> The Vanilla-5 cores are a 5-stage in-order pipeline RV32IM cores so they support the integer and multiply extensions
So, roughly comparable to a high-speed Cortex M.
> instead of using caches, the entire memory address space is mapped across all the nodes in the network using a 32-bit address scheme. This approach, which also means no virtualization or translation, simplifies the design a great deal.
The diagram shows each core has icache and dcache; what they've ditched is cache coherency. That certainly makes it simpler to implement but now the cores have to be responsible for their own coherency. Also, none of your protected mode operating system nonsense - this is designed to run a single program and get everything out of the way. Every core can potentially overwrite any other core's memory, and if it does so you won't know until you have a cache miss.
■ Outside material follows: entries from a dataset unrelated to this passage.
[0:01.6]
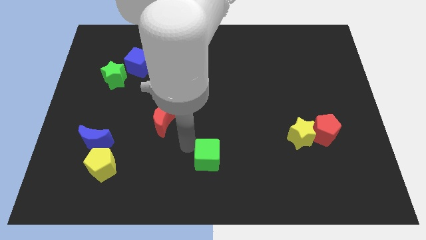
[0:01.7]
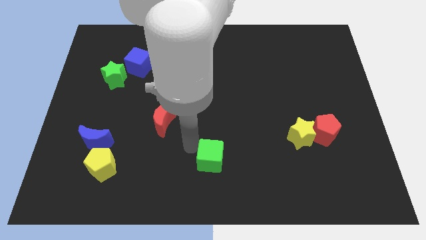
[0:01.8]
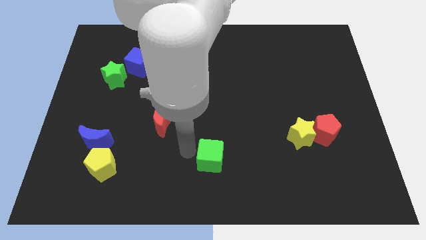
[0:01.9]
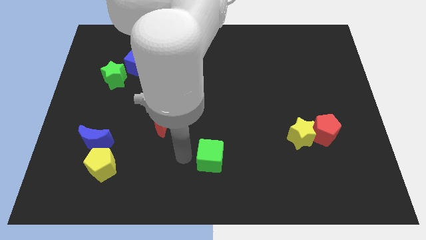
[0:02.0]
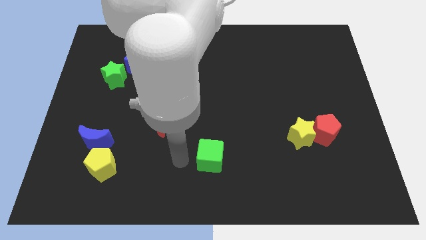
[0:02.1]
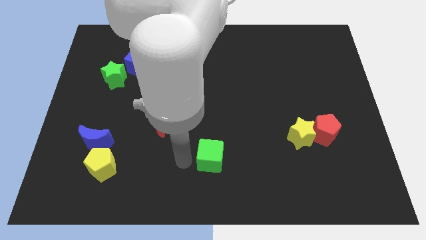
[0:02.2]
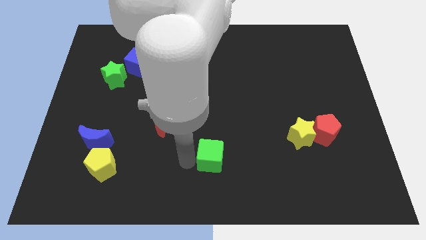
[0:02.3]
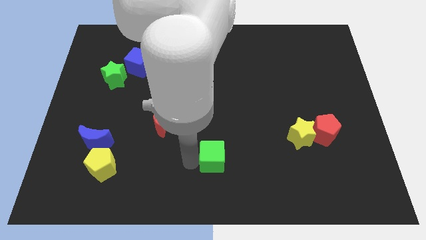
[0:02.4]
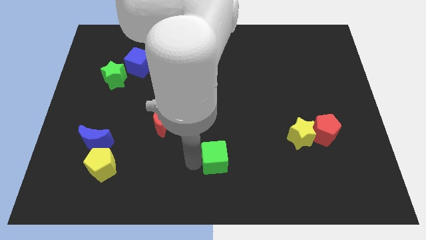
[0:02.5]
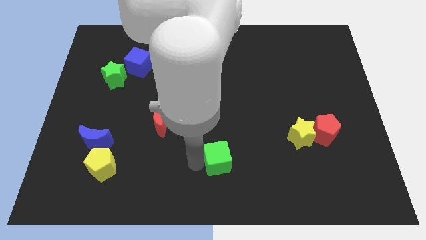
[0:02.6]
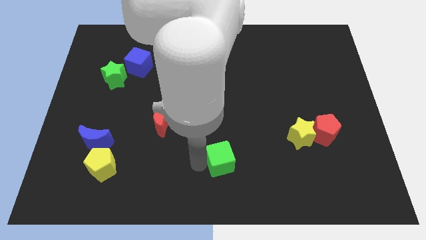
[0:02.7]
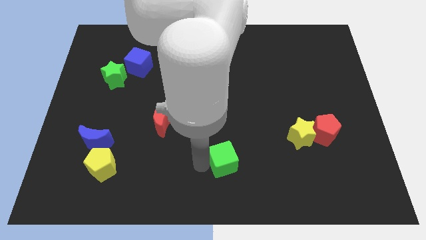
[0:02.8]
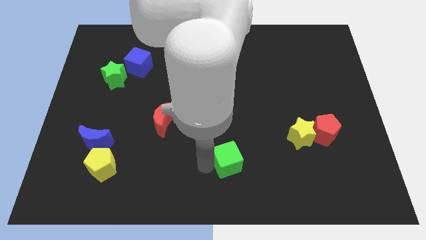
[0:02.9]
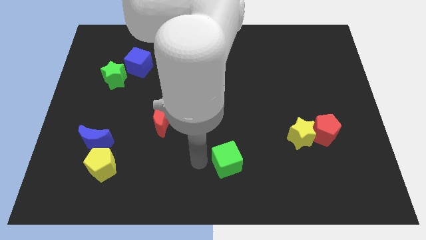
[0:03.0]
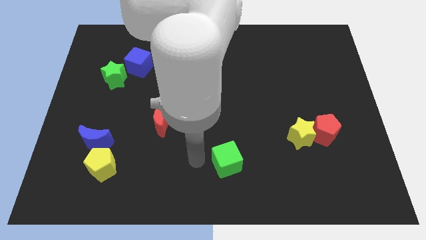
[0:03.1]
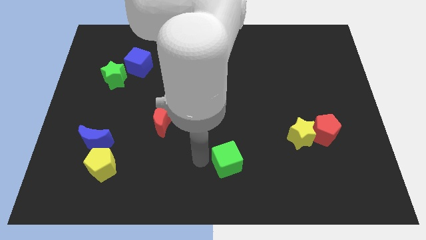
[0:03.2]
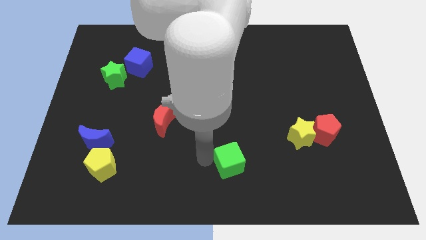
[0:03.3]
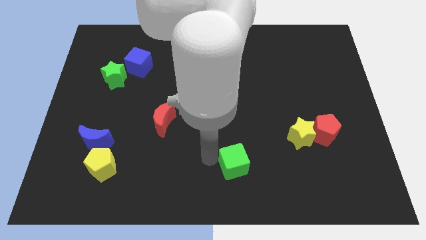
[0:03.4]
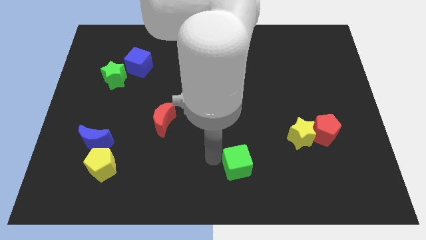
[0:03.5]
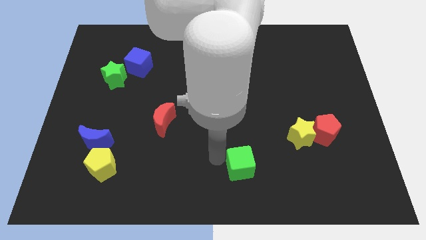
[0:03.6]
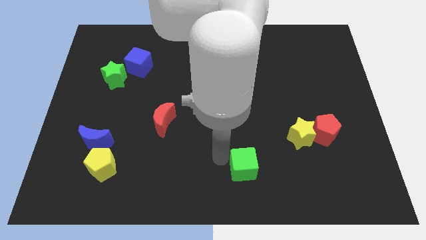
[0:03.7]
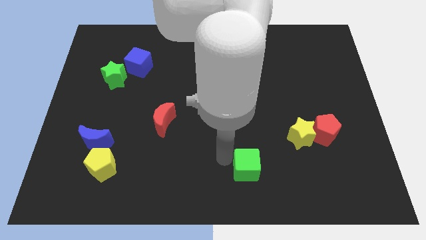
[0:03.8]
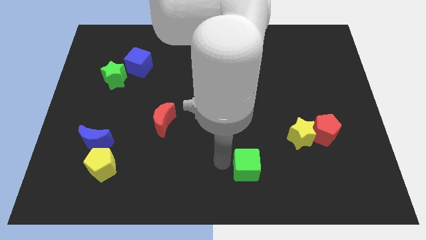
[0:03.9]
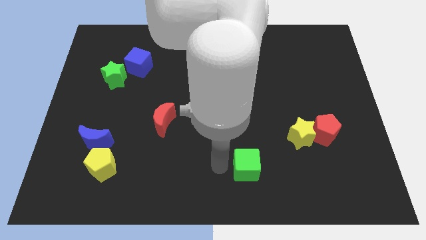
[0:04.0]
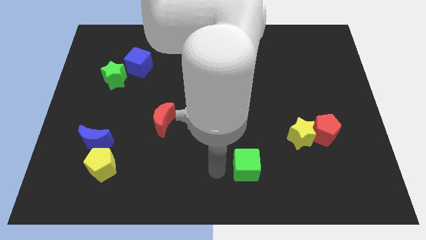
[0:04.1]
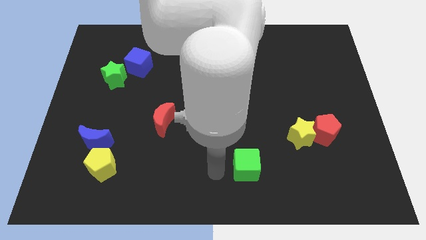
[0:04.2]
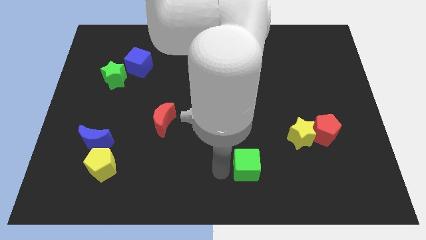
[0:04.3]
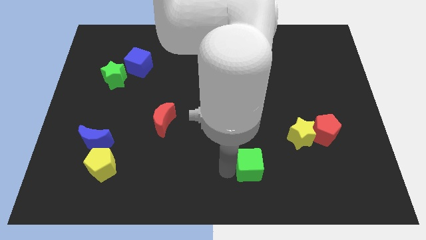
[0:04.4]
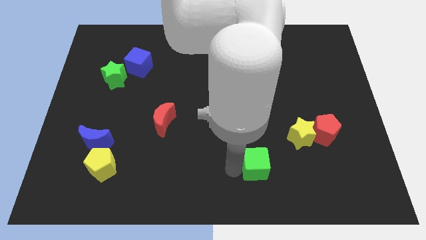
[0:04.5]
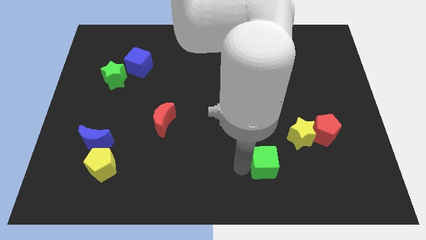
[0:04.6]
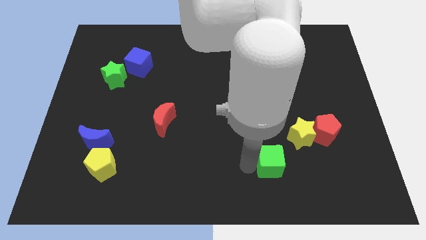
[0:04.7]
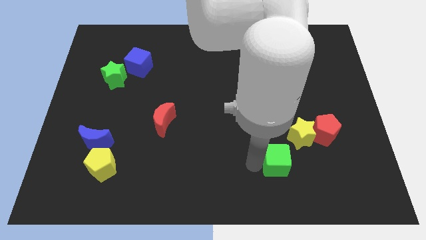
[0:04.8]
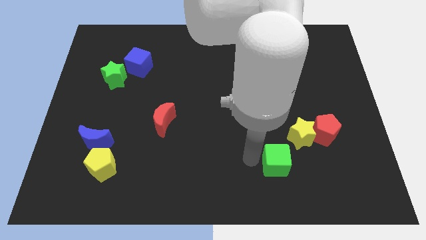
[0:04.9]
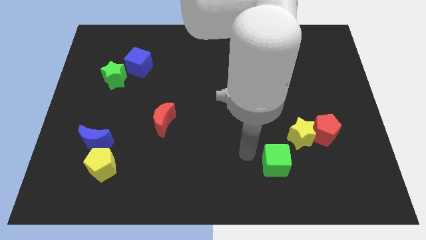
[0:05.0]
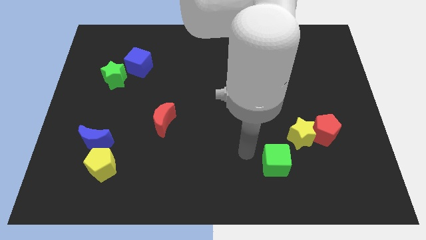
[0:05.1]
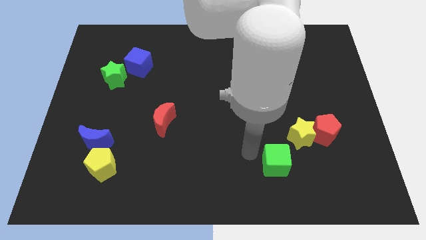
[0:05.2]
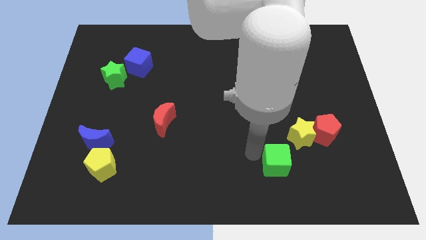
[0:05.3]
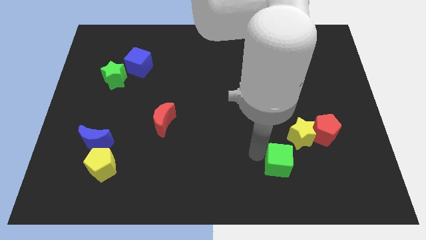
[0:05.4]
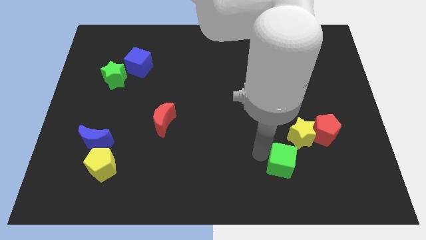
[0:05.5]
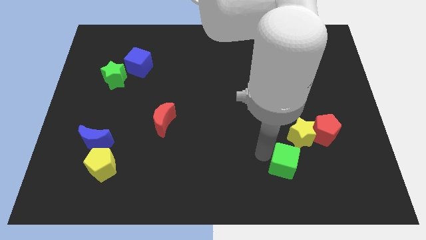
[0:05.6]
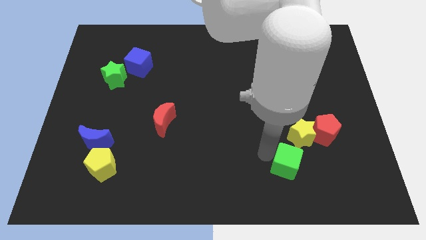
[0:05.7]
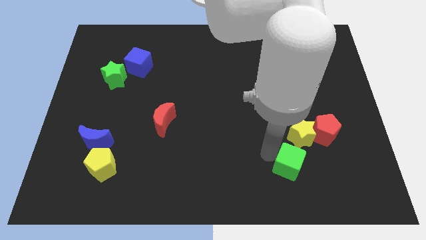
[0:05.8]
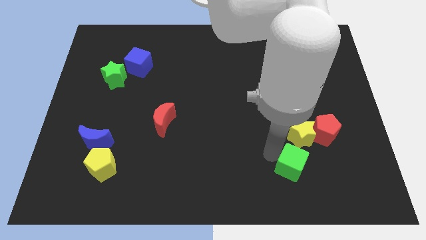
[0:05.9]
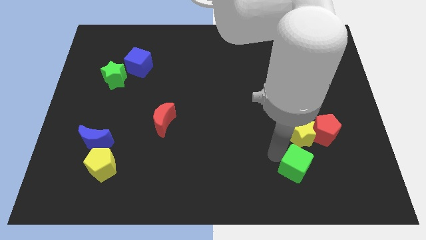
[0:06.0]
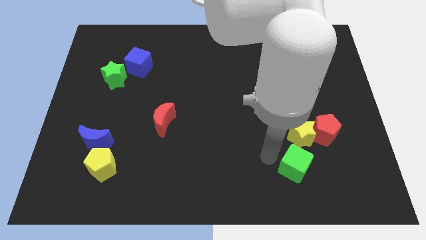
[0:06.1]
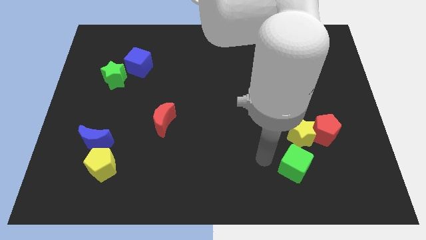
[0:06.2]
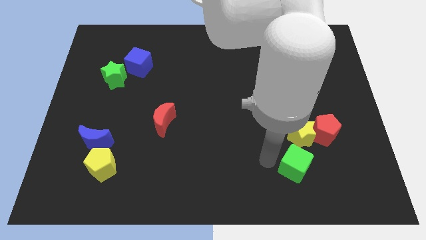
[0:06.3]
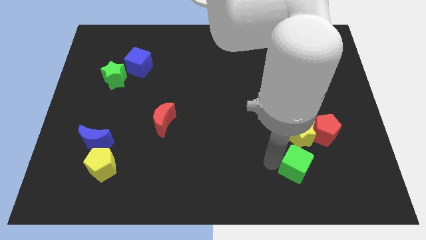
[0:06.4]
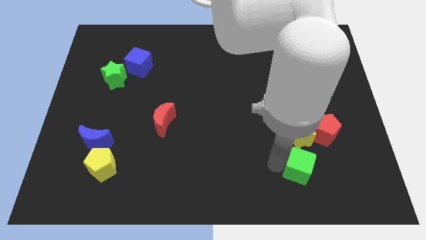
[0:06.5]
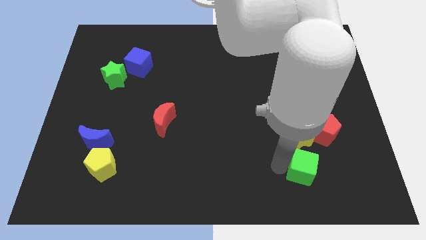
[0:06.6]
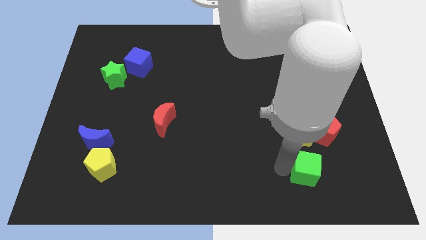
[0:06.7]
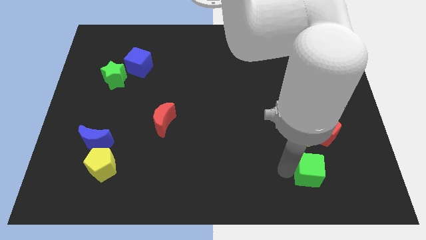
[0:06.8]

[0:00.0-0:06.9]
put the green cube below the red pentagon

Good luck figuring that one out in the debugger.
This is very clearly intended for the sort of AI or image processing workload where you can clearly partition it two-dimensionally across the array to identical nodes, and then have those nodes collaborate locally by passing messages across the edges.
This is not quite true: the local data memories are not caches, i.e., they do not implicitly move memory in from a more distant tier in the memory hierarchy. They are just plain explicitly managed local memories (sometimes called "scratchpads" to distinguish them from caches).
Like the quote says: “There are two hard things in computer science: cache invalidation, naming things, and off-by-one errors.”
It is kind of surprising that that is acceptable. I suppose the usual case is that each core already knows what its neigbors will want to see, and sends those values before each neighbor needs them.
Yeah, it's not even eventual consistency. They get away with it by using a heavy mailbox message passing setup for synchronization and separate address spaces.
If this is the case then I assume I'd just need to design-wise restrict one processor from writing to another's area, yes?
I've worked on worse. Quite promising set of ideas from my limited reading.
The question is whether it's worthwhile to adapt that new programming model and architecture? What can be achieved that is not possible or is price compatible with something boring and old-fashioned like 128 x64 cores etc.
I am all for new architectures. But the trick is getting people to make the effort to make use of them.
I think that when I write a good comment it gets buried and the only time comments are really popular is when I write something trite or silly that a lot of people are already thinking.
probably more to do with the gamification of user generated content. you see the same thing on imgur and reddit: the well thoughtout comments don't get up voted nearly as much as the memes and injokes.
>I am all for new architectures. But the trick is getting people to make the effort to make use of them.
IIRC at the time there were a lot of complaints against the Cell processor that it was "too hard" to program for. >https://www.cnet.com/news/sony-ps3-is-hard-to-develop-for-on...
>What can be achieved that is not possible or is price compatible with something boring and old-fashioned like 128 x64 cores etc
That's probably the main issue today, x86/64 are cheap and nearly all the problems can be fixed in software. Changing architectures and instruction set is too big of an upfront cost for most people/companies to deal with, and I think that is why we're only seeing Google and Amazon starting to look for other solutions.
Indeed. Interestingly GPUs were initially very hard to program (and still are kind of a pain). What made them viable was the introduction of practical development tools that Cell never had. This machine shares (some of the) instruction set between the fat and the puny cores, which makes it a much easier target to program.
If it's going to be compared to something though, I think a GPU would make much more sense.